Trial court erred in denying a motion to dismiss for failure to arbitrate because it did not make a decision as to whether a valid written agreement to arbitrate exists as required by section 682.03(7), Florida Statutes.  Cirrus Holdings USA, LLC v. Welch, 41 Fla. L. Weekly D2125 (Fla. 4th DCA Sept. 4, 2016).

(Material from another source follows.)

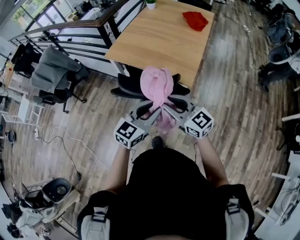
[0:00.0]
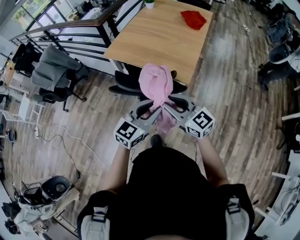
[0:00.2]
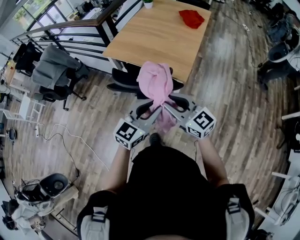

A resident is not bound by the arbitration clause in a nursing home contract which he did not sign because the third-party beneficiary doctrine applies to cases where a third-party is seeking to bind one of the contracting parties and does not enable two contracting parties to bind a third, non-signatory party. Mendez v. Hampton Court Nursing Center, LLC, 41 Fla. L. Weekly S394 (Fla. Sept. 22, 2016).

 

 

COLLECTIONS

 

 

 

CONSTITUTIONAL LAW

 

 

CONSUMER PROTECTION

 

DISCOVERY AND EVIDENCE

 

In asbestos exposure case, trial court abused its discretion in allowing three of plaintiff’s expert witnesses to testify because their testimony did not satisfy the standard in Daubert that their opinion had to be based upon reliable studies and data and establish a causal link.  Crane Co. v. Delisle, 41 Fla. L. Weekly D2133 (Fla. 4th DCA Sept. 14, 2016).

 

“[T]he trial court departed from the essential requirements of law in allowing the party to call the reporter as a witness without prior notice and without any showing that the reporter had any relevant testimony.”  Palm Beach Newspapers, LLC v. Colin, 41 Fla. L. Weekly D2125 (Fla. 4th DCA Sept. 14, 2016).

 

ESTATE PLANNING, GUARDIANSHIP AND PROBATE

 

 

 

INSURANCE

 

The circuit court sitting in its appellate capacity departed from the essential requirements of law in holding that an insurance company waive its right to litigate the reasonableness of medical bills by not specifically electing to use Medicare’s fee schedules in its policy.  Progressive Select Ins. Co. v. Emergency Physicians of Central Florida, LLP, 41 Fla. L. Weekly D2145 (Fla. 5th DCA Sept. 16, 2016).

 

In a response to a question certified by the Eleventh Judicial Circuit, The Florida Supreme Court held that a party cannot “challenge the validity of a life insurance policy after the two-year contestability period established by section 627.455 because of its creation through a [stranger-originated life insurance] STOLI scheme.”  Wells Fargo Bank, N.A. v. Pruco Life Ins. Co., 41 Fla. L. Weekly S403 (Fla. Sept. 22, 2016).

 

 

REAL PROPERTY

 

In mortgage foreclosure action, trial court abused its discretion in denying property owner’s motion for leave to amend her answer to raise affirmative defenses because it was the first time she filed such a motion and the affirmative defenses were properly pled.  Morgan v. Bank of New York Mellon, 41 Fla. L. Weekly D2157 (Fla. 1st DCA Sept. 19, 2016).